Once they outgrow their starter enclosure, I find it most sensible and practical to just move them into a 4x8' closed chamber for indoors and I make their outdoor enclosure ever larger. A 4x8' indoor enclosure should last them until they are about 8-10 inches and its time for them to live outside full time. No sense in building 4 or 5 enclosures. Just build or buy a 4x8' and be done with it. And there is no reason a little one can't be moved into a large 4x8 closed chamber earlier.

At 8-10" I move them outside full time and I like them to have at least 30x30' of enclosure space and a heated night box. I add humidity to the night box in my dry climate, but someone in Louisiana or FL might not need to.

By the time they reach 14-16 inches, its time to house them like a full adult and give them room to exercise. I think 50x50 is a good baseline minimum for an adult, but larger would be better. Mine have 8000 sq. ft. and they use every inch of it.

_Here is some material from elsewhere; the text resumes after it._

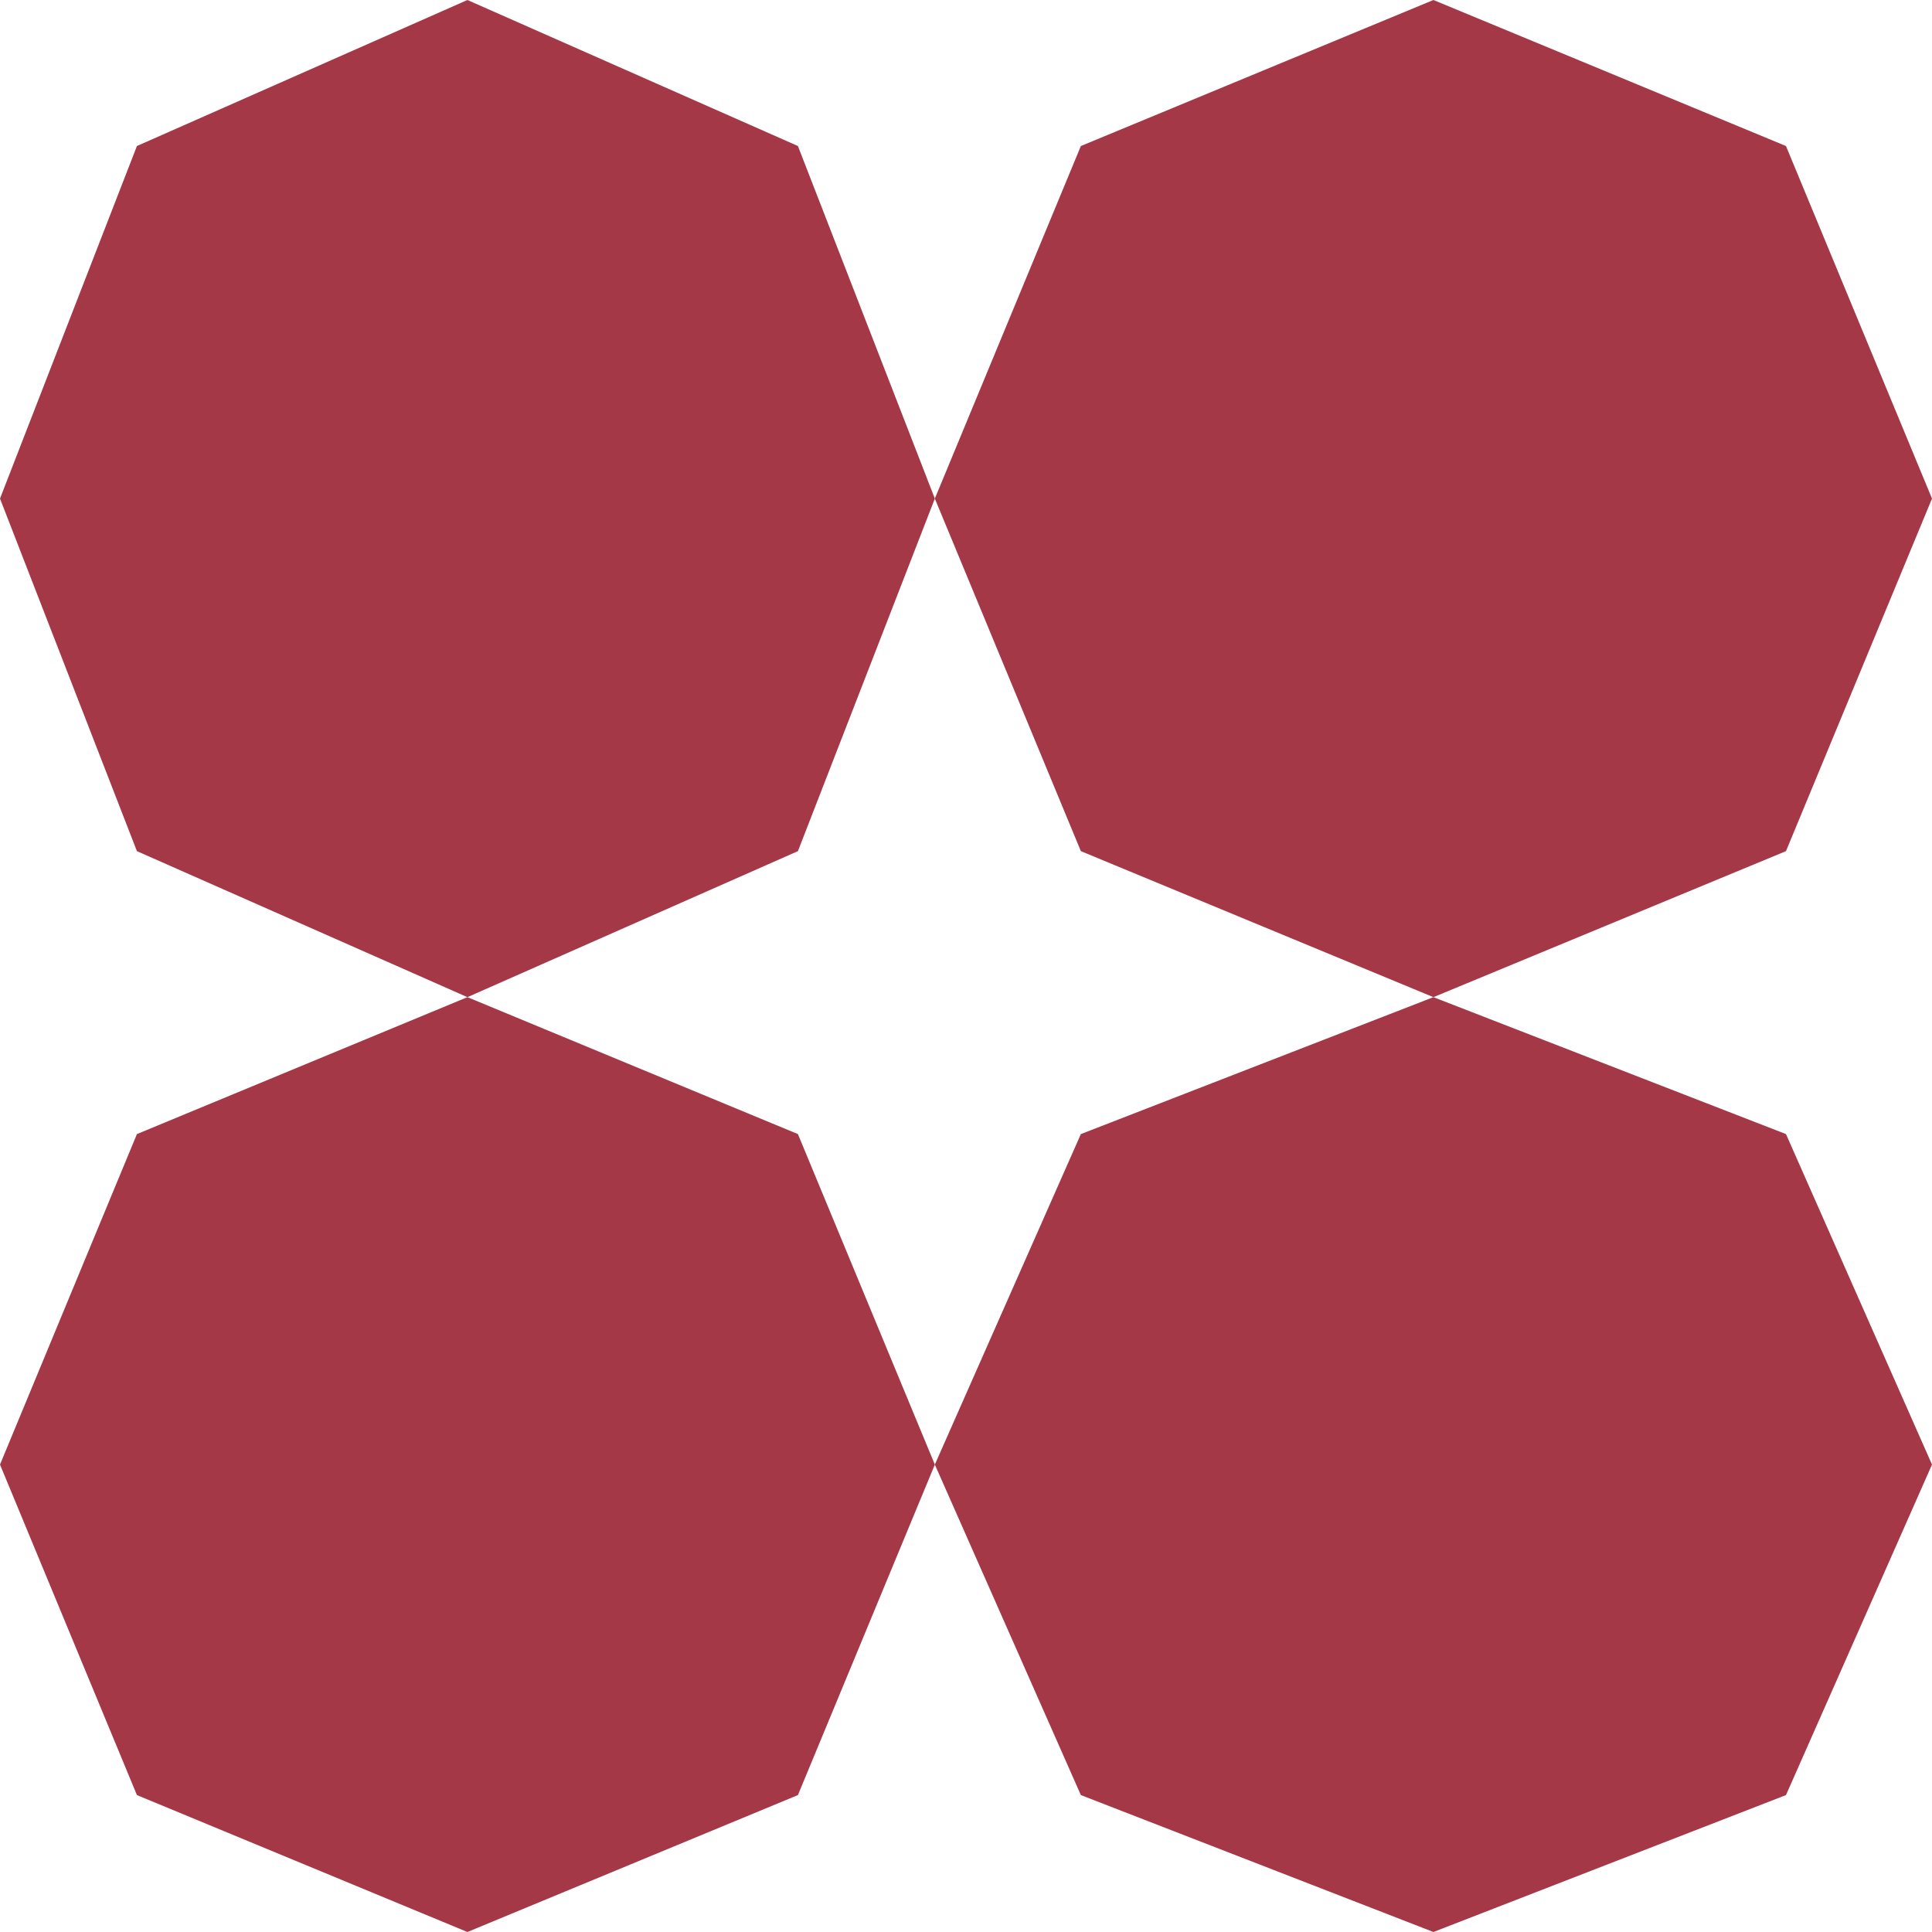 <?xml version="1.0" encoding="UTF-8"?> <svg xmlns="http://www.w3.org/2000/svg" width="31" height="31" viewBox="0 0 31 31" fill="none"> <path d="M23 0L28.657 2.343L31 8L28.657 13.657L23 16L17.343 13.657L15 8L17.343 2.343L23 0Z" fill="#A53846"></path> <path d="M7.5 0L12.803 2.343L15 8L12.803 13.657L7.5 16L2.197 13.657L0 8L2.197 2.343L7.5 0Z" fill="#A53846"></path> <path d="M23 16L28.657 18.197L31 23.5L28.657 28.803L23 31L17.343 28.803L15 23.5L17.343 18.197L23 16Z" fill="#A53846"></path> <path d="M7.5 16L12.803 18.197L15 23.5L12.803 28.803L7.5 31L2.197 28.803L0 23.5L2.197 18.197L7.5 16Z" fill="#A53846"></path> </svg>

Is my enclosure too small? Sometimes I think so, but I think most sulcata keepers would think its adequate. Right now I'm housing a lone 18" male in a 60x50 enclosure and he seems content with it.

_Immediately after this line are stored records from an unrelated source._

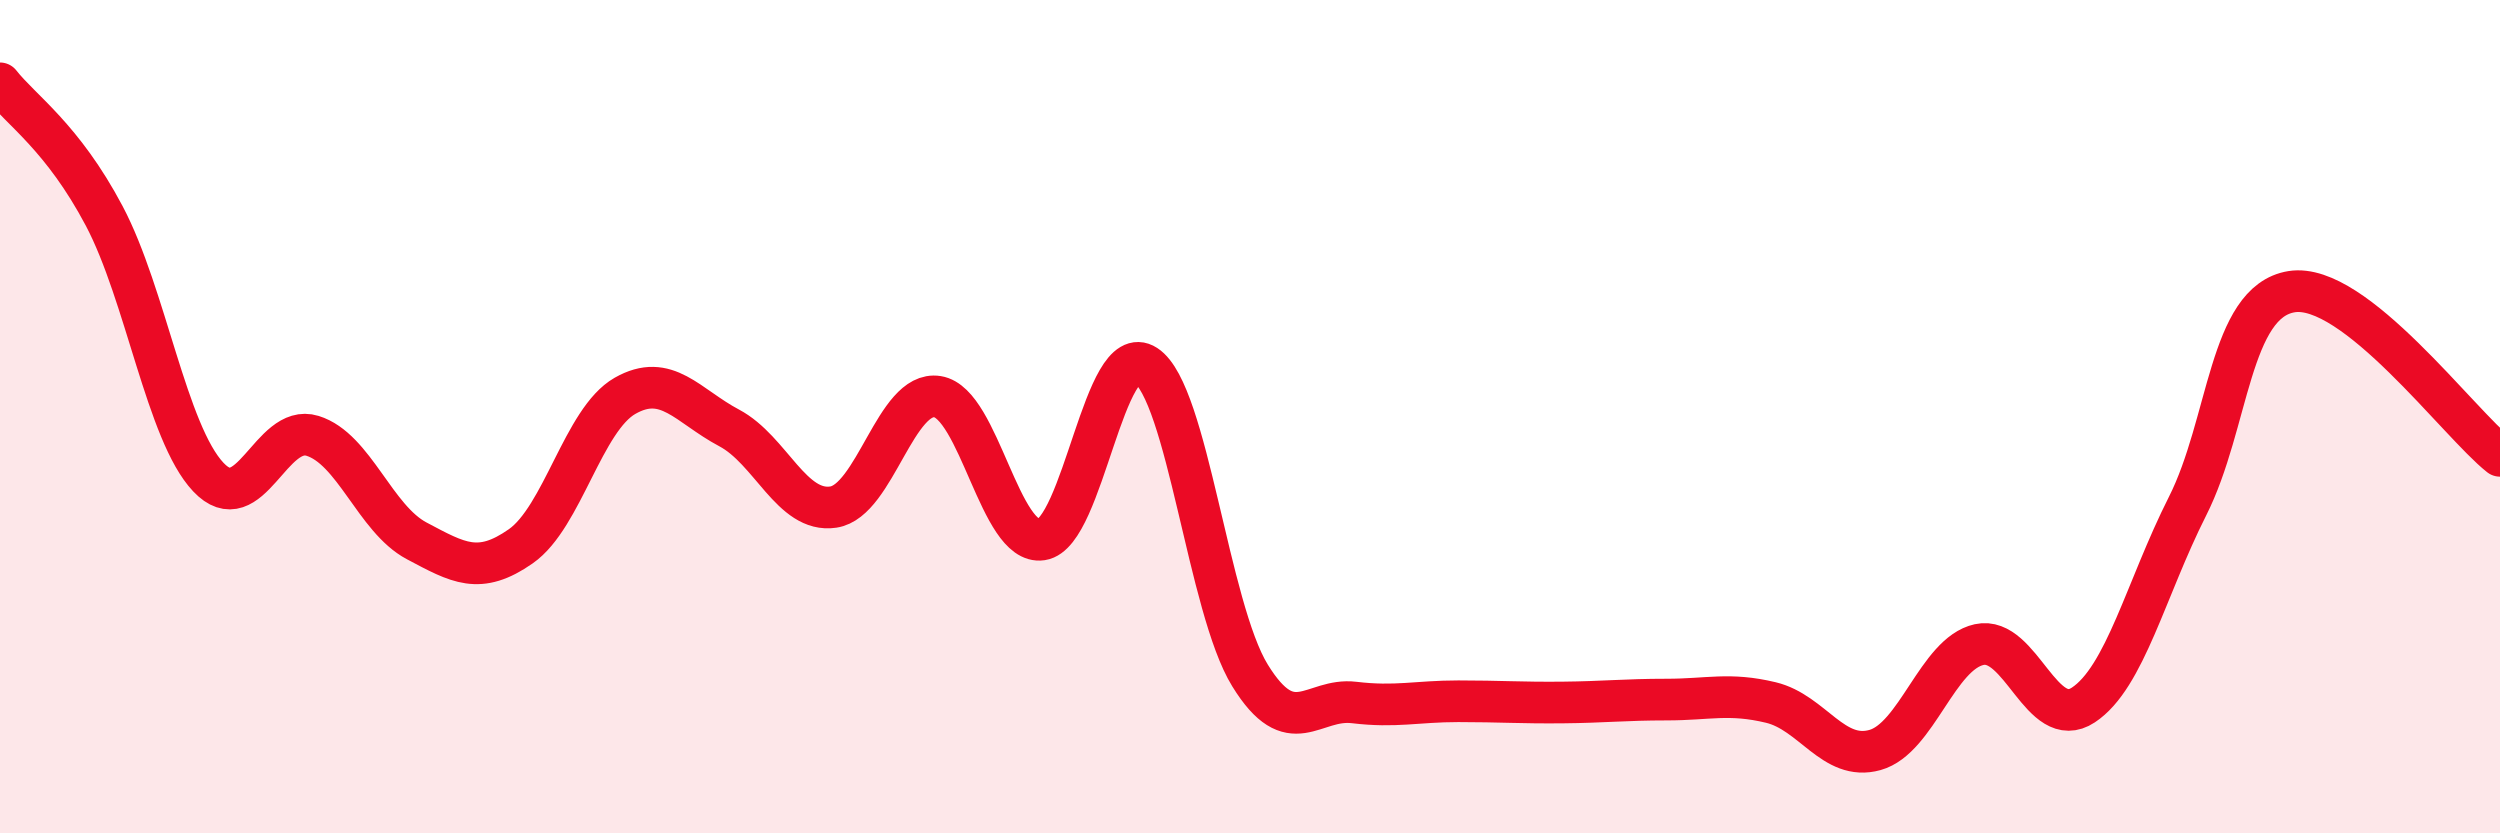 
    <svg width="60" height="20" viewBox="0 0 60 20" xmlns="http://www.w3.org/2000/svg">
      <path
        d="M 0,2 C 0.5,2.64 1.5,3.29 2.5,5.18 C 3.5,7.07 4,10.39 5,11.45 C 6,12.51 6.5,10.15 7.5,10.46 C 8.5,10.77 9,12.45 10,12.98 C 11,13.51 11.5,13.81 12.5,13.11 C 13.5,12.41 14,10.07 15,9.5 C 16,8.93 16.5,9.74 17.5,10.27 C 18.5,10.8 19,12.32 20,12.17 C 21,12.02 21.5,9.36 22.5,9.52 C 23.5,9.68 24,13.1 25,12.95 C 26,12.8 26.5,8.12 27.5,8.77 C 28.5,9.42 29,14.59 30,16.21 C 31,17.83 31.5,16.74 32.5,16.86 C 33.5,16.98 34,16.83 35,16.83 C 36,16.83 36.5,16.87 37.5,16.86 C 38.5,16.85 39,16.79 40,16.79 C 41,16.79 41.5,16.62 42.5,16.86 C 43.5,17.1 44,18.28 45,18 C 46,17.72 46.5,15.69 47.5,15.47 C 48.5,15.25 49,17.58 50,16.92 C 51,16.26 51.5,14.13 52.5,12.15 C 53.5,10.17 53.5,7.24 55,7 C 56.5,6.76 59,10.15 60,10.94L60 20L0 20Z"
        fill="#EB0A25"
        opacity="0.1"
        stroke-linecap="round"
        stroke-linejoin="round"
      />
      <path
        d="M 0,2 C 0.5,2.64 1.5,3.29 2.5,5.18 C 3.5,7.07 4,10.39 5,11.45 C 6,12.51 6.5,10.15 7.5,10.46 C 8.5,10.77 9,12.45 10,12.98 C 11,13.51 11.5,13.81 12.5,13.11 C 13.5,12.41 14,10.07 15,9.5 C 16,8.93 16.5,9.74 17.5,10.27 C 18.5,10.8 19,12.32 20,12.17 C 21,12.02 21.5,9.36 22.5,9.52 C 23.5,9.68 24,13.1 25,12.95 C 26,12.8 26.5,8.12 27.5,8.77 C 28.5,9.42 29,14.59 30,16.21 C 31,17.83 31.5,16.74 32.5,16.86 C 33.5,16.98 34,16.83 35,16.83 C 36,16.83 36.5,16.87 37.5,16.86 C 38.5,16.85 39,16.79 40,16.79 C 41,16.79 41.5,16.62 42.5,16.86 C 43.5,17.1 44,18.28 45,18 C 46,17.72 46.5,15.69 47.5,15.47 C 48.5,15.25 49,17.58 50,16.92 C 51,16.26 51.5,14.13 52.5,12.15 C 53.5,10.17 53.5,7.24 55,7 C 56.5,6.76 59,10.15 60,10.94"
        stroke="#EB0A25"
        stroke-width="1"
        fill="none"
        stroke-linecap="round"
        stroke-linejoin="round"
      />
    </svg>

What I don't have an answer for is what to do with a 10"+ growing sulcata when you live in the frozen north and they can't go live outside. This is controversial, but I have yet to see someone housing a large sulcata in a climate like this in a way that I would be comfortable with or find acceptable. They can survive a lot, but keeping a large one in a shed or basement for months at a time, is not acceptable to me and I wouldn't do it that way. You won't have that problem to consider in your climate though.


----------



## Brockazoid (Apr 29, 2018)

Tom said:


> I don't think there is a firm right or wrong answer to this. If you put a 100 pound male in a 8x8' enclosure, it wouldn't drop dead, but I think most of us would agree that is much too small. Likewise, I sometimes see people recommending one acre for each adult. While that would certainly do no harm, I also think it is unrealistic and unnecessary.
> 
> Given the above, here are my personal guidelines:
> I think something around 100 gallon size, or the equivalent, is good to start a hatchling. If it is a well started baby and housed in the right conditions, it will outgrow this in a few months tops. When they are this size, say under 4", I use a large kiddie pool or make a 4x8' outdoor enclosure for sunning.
> ...


Thanks for sharing your guideline with me. i now have a better understanding of how to go about it as far as space goes.your really on point when it comes to peoples questions and concerns i thank you for taking the time..i really appreciate all the advice.information.and help you and everyone else has given me on this thing.


----------



## Marianna (Apr 30, 2018)

Brockazoid said:


> Thanks for sharing your guideline with me. i now have a better understanding of how to go about it as far as space goes.your really on point when it comes to peoples questions and concerns i thank you for taking the time..i really appreciate all the advice.information.and help you and everyone else has given me on this thing.


----------



## Marianna (Apr 30, 2018)

I just want to add one thing. My 3 (5 year old) male marginated tortoises live in a "semi wild" enclosure of 5000 square feet. It has quite some level differences, lots of rock formations, an aerea with trees and also open land.
It amazes me how strong their legs are when I see them climbing and how fast they can run. As Tom said they use every inch and I am already thinking of extending the area. I am sure if I had kept them in a smaller space, they would not be as happy and healthy as they are now.


----------



## madbad (Apr 30, 2018)

All you have...


----------



## TechnoCheese (Apr 30, 2018)

An 8x4 foot closed chamber will last one until its 8-11 inches and ready to go outside.


----------



## Marianna (Apr 30, 2018)

Why have you started this thread again? You already asked the same question earlier today.......


----------



## SULCY (Apr 30, 2018)

I think the most space you can give the better. If you live in the cold north like I do and give them a large space even in winter it is better than living in a nice warm area and do not have the room and have them living in a small area.


----------



## Grandpa Turtle 144 (Apr 30, 2018)

The tort will tell you if it’s too small no grass will grow it will all die out .


----------